What is needed →
Nothing but the records, transcribed exactly, should appear in the answer; leave the pictures out.

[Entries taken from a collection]
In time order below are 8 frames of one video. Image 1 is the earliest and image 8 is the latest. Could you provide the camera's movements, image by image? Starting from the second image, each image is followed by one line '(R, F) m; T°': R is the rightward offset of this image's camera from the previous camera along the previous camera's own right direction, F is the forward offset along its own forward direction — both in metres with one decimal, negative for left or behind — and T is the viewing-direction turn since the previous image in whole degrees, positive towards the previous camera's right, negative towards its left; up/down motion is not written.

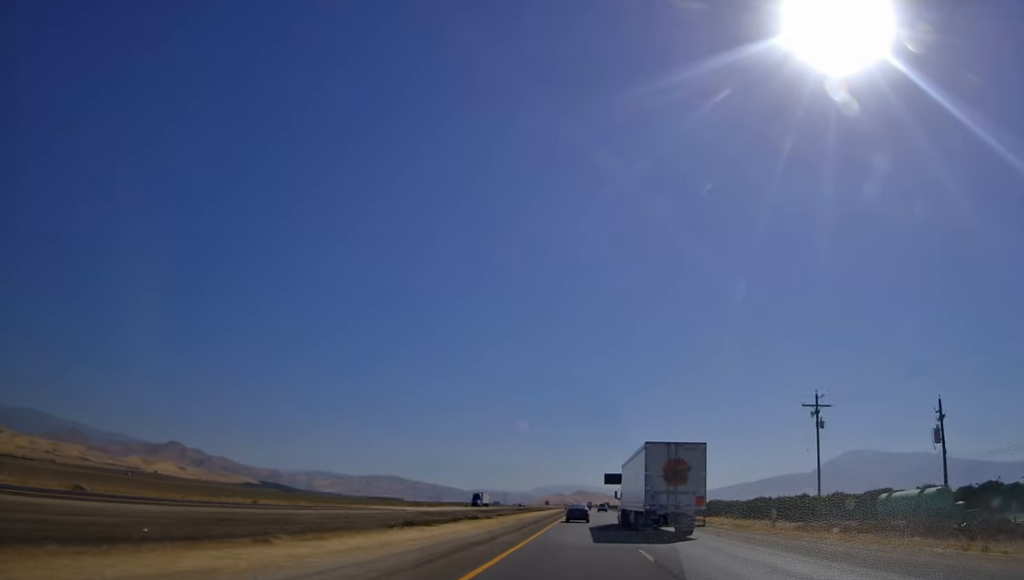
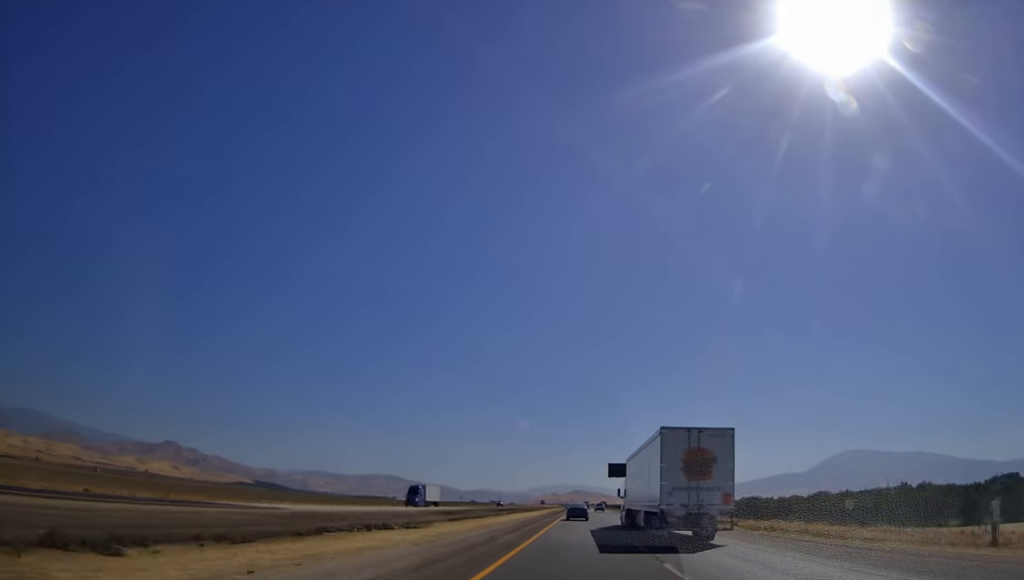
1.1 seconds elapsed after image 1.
(0.0, +31.0) m; 0°
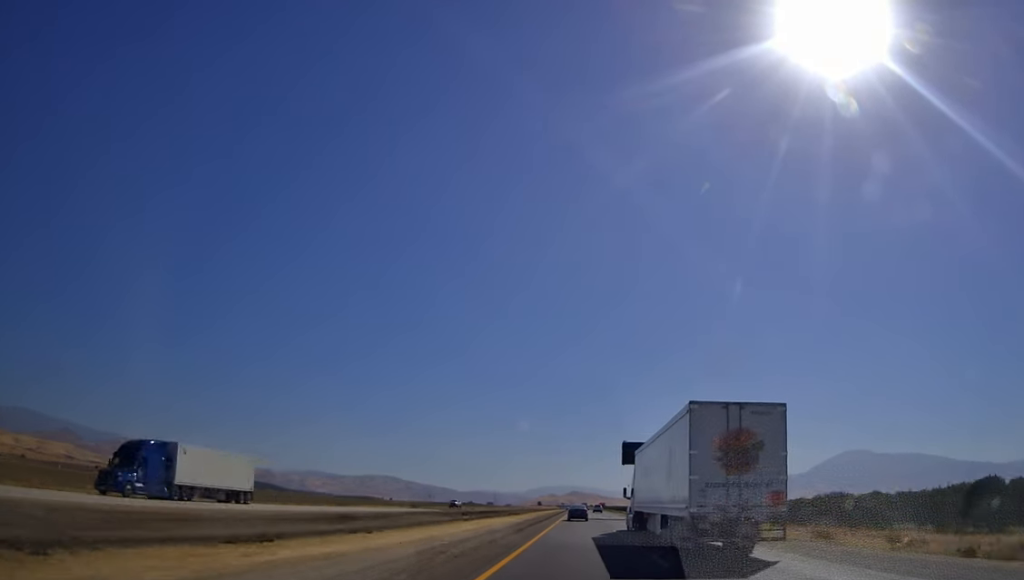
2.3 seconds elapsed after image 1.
(+0.4, +36.2) m; 0°
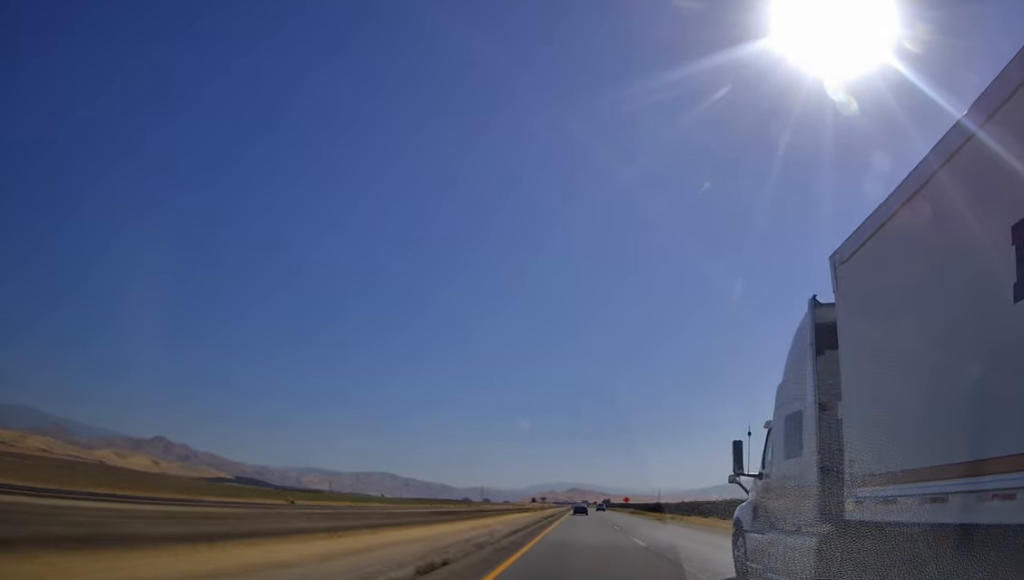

Exercise solution →
In time order below are 8 frames of one video. Image 1 is the earliest and image 8 is the latest. Could you provide the camera's movements, image by image? Starting from the second image, each image is followed by one line '(R, F) m; T°': R is the rightward offset of this image's camera from the previous camera along the previous camera's own right direction, F is the forward offset along its own forward direction — both in metres with one decimal, negative for left or behind — and T is the viewing-direction turn since the previous image in whole degrees, positive towards the previous camera's right, negative towards its left; up/down motion is not written.

1.1 seconds elapsed after image 1.
(0.0, +31.0) m; 0°
2.3 seconds elapsed after image 1.
(+0.4, +36.2) m; 0°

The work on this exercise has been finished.